─── RECORDS TO PROCESS ───

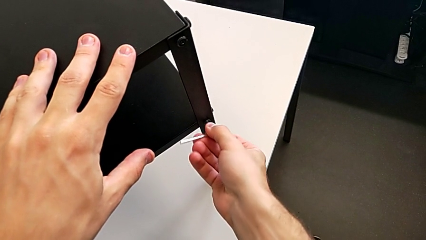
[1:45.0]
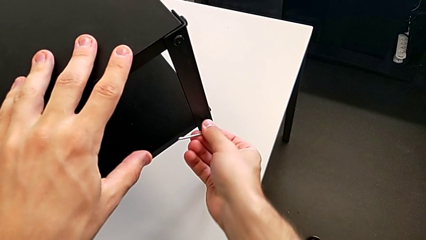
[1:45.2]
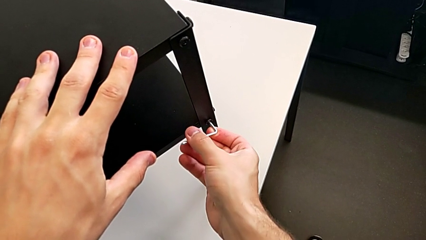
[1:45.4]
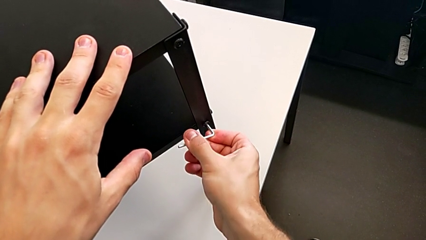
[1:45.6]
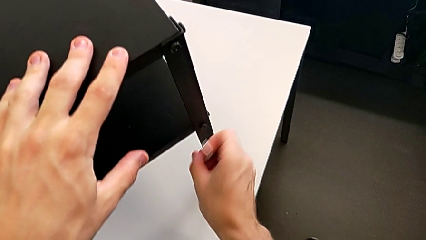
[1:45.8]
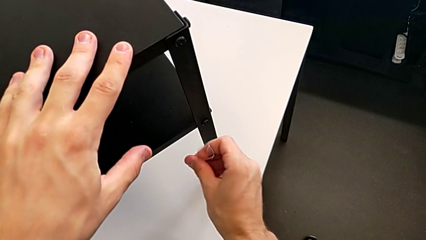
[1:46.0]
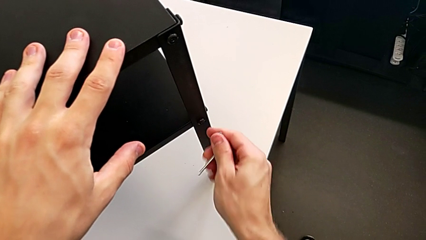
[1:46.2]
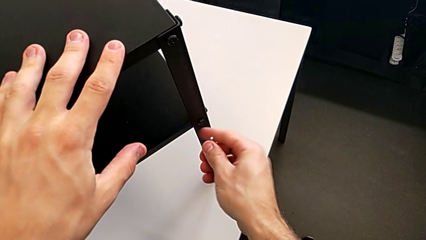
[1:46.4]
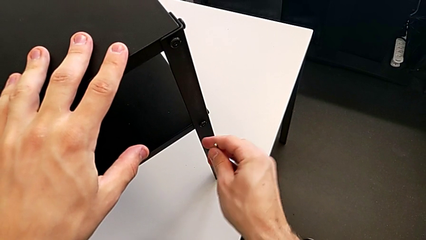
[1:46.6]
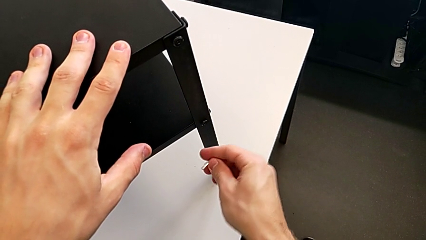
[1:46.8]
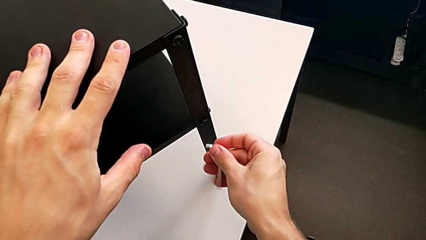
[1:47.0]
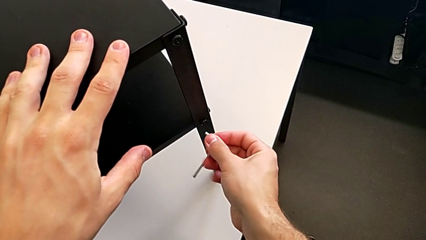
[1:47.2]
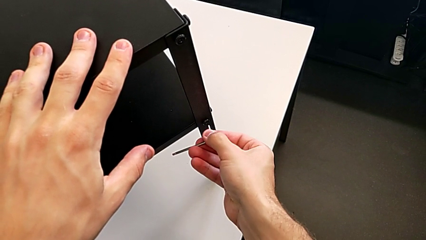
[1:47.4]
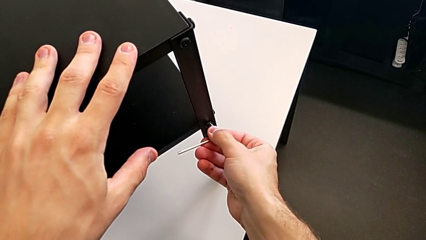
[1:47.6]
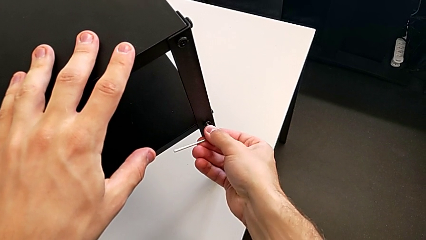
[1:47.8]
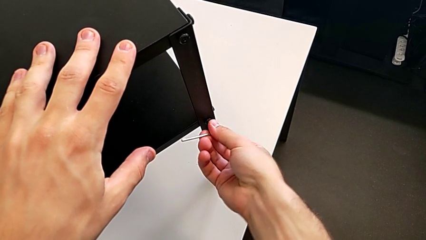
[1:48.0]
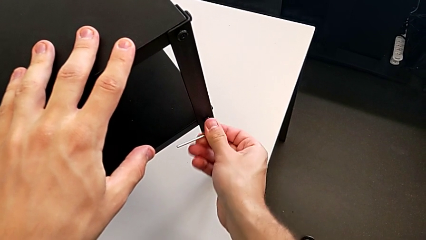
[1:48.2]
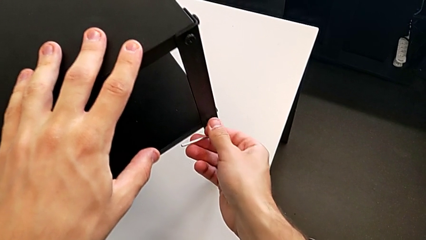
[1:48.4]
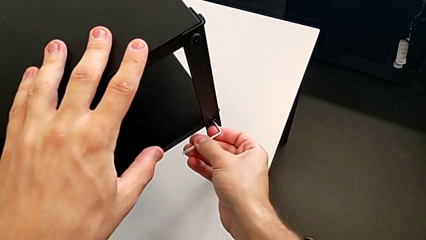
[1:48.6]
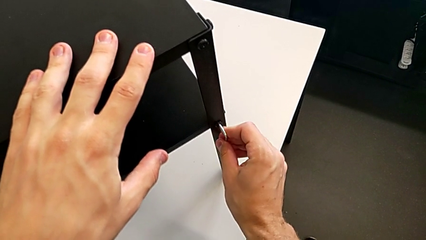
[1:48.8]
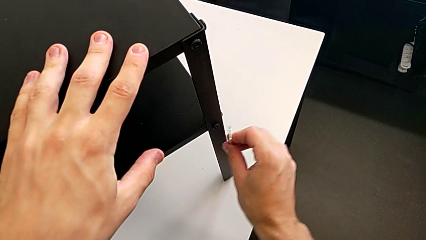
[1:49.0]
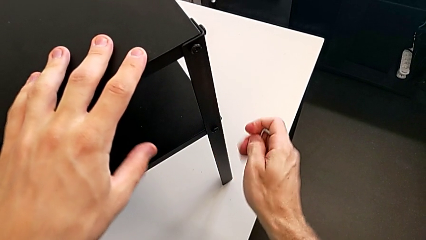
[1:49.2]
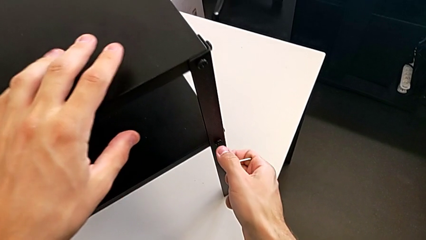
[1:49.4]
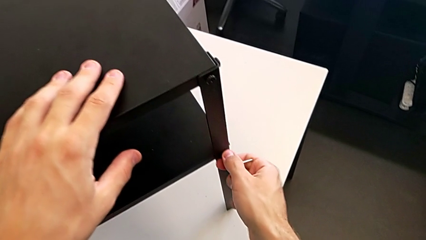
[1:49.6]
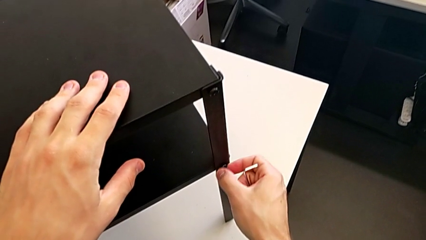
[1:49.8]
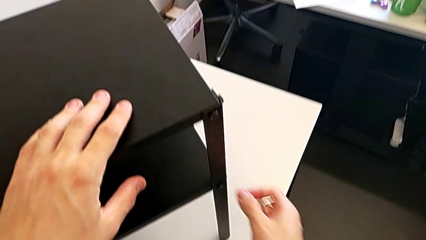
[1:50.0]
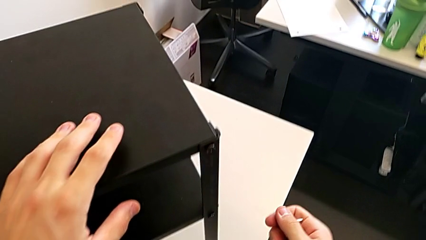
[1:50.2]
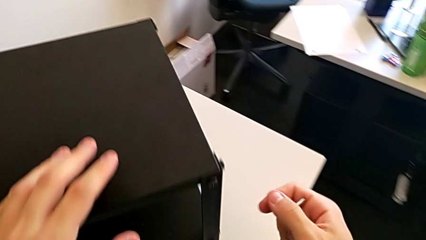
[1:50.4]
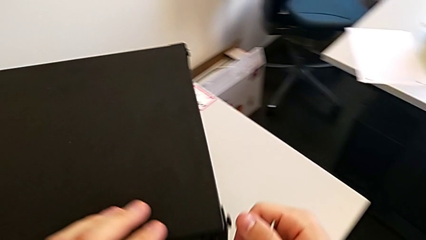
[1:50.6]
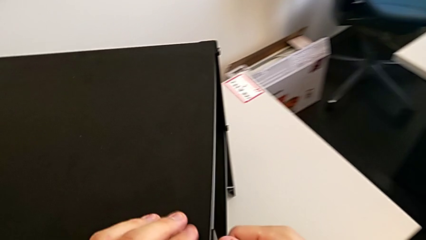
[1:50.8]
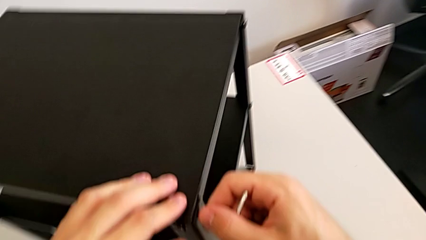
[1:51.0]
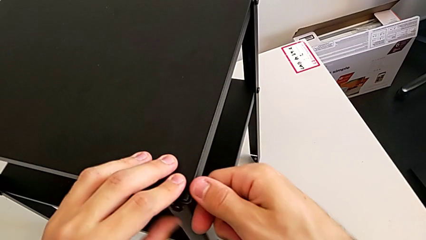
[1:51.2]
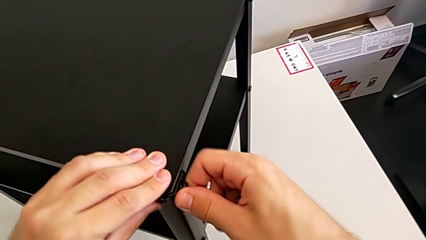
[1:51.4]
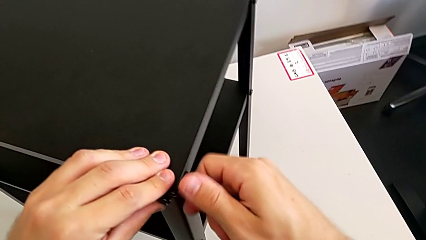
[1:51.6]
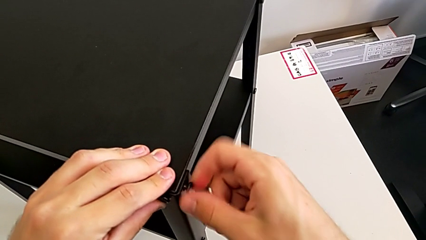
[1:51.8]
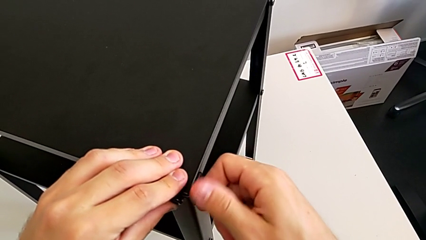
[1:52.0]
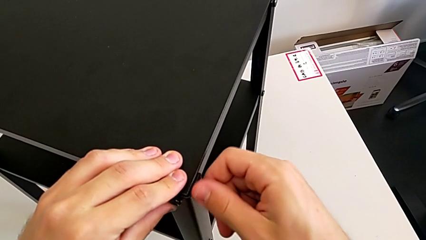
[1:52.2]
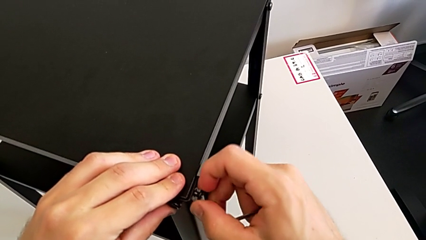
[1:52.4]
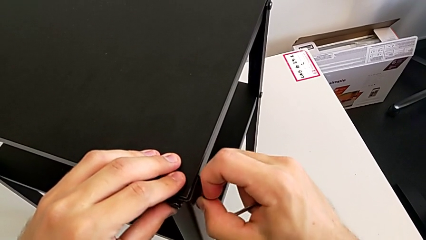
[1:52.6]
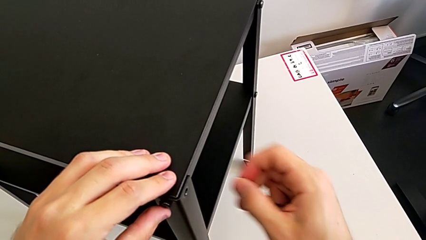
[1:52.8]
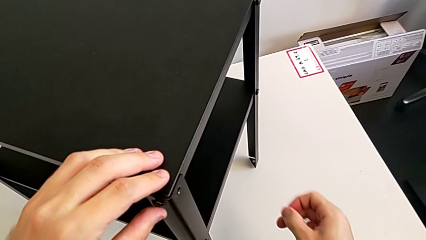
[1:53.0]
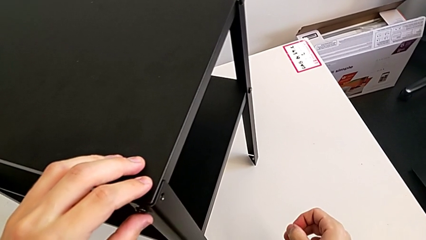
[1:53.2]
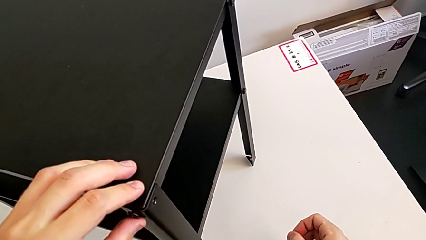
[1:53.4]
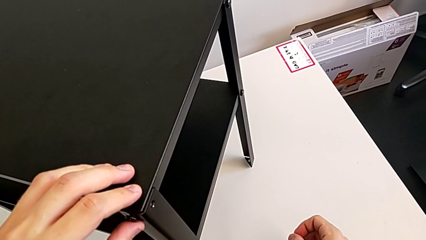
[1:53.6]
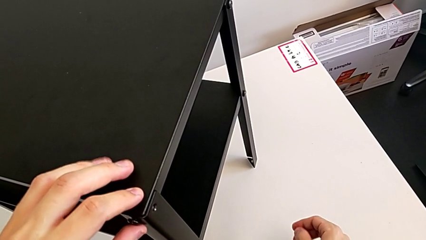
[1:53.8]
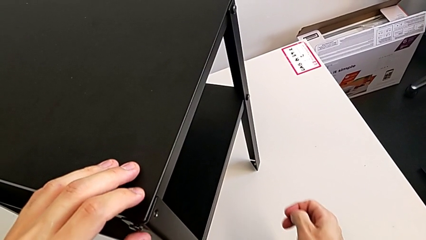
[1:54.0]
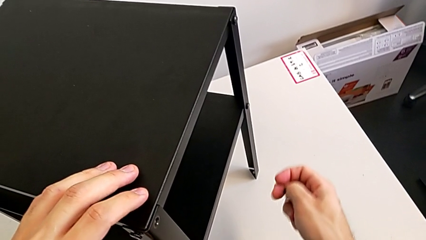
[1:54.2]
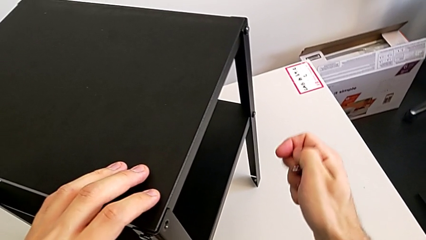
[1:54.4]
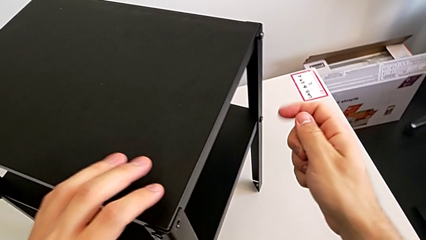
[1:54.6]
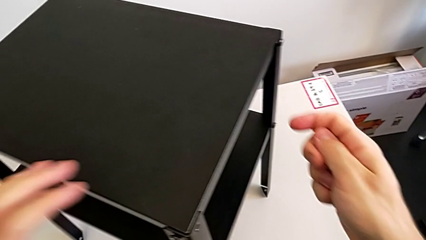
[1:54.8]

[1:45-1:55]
The camera wearer is unscrewing the screw on the shelf's leg. They keep inserting the Allen wrench, withdraw it, unscrew the hex socket head twice and grab it.

───

## WORK INSTRUCTIONS:
Your task is to return the entries above exactly, with no pictures.

## RESULT FOR THIS TASK:
[1:45.0]
[1:45.2]
[1:45.4]
[1:45.6]
[1:45.8]
[1:46.0]
[1:46.2]
[1:46.4]
[1:46.6]
[1:46.8]
[1:47.0]
[1:47.2]
[1:47.4]
[1:47.6]
[1:47.8]
[1:48.0]
[1:48.2]
[1:48.4]
[1:48.6]
[1:48.8]
[1:49.0]
[1:49.2]
[1:49.4]
[1:49.6]
[1:49.8]
[1:50.0]
[1:50.2]
[1:50.4]
[1:50.6]
[1:50.8]
[1:51.0]
[1:51.2]
[1:51.4]
[1:51.6]
[1:51.8]
[1:52.0]
[1:52.2]
[1:52.4]
[1:52.6]
[1:52.8]
[1:53.0]
[1:53.2]
[1:53.4]
[1:53.6]
[1:53.8]
[1:54.0]
[1:54.2]
[1:54.4]
[1:54.6]
[1:54.8]

[1:45-1:55]
The camera wearer is unscrewing the screw on the shelf's leg. They keep inserting the Allen wrench, withdraw it, unscrew the hex socket head twice and grab it.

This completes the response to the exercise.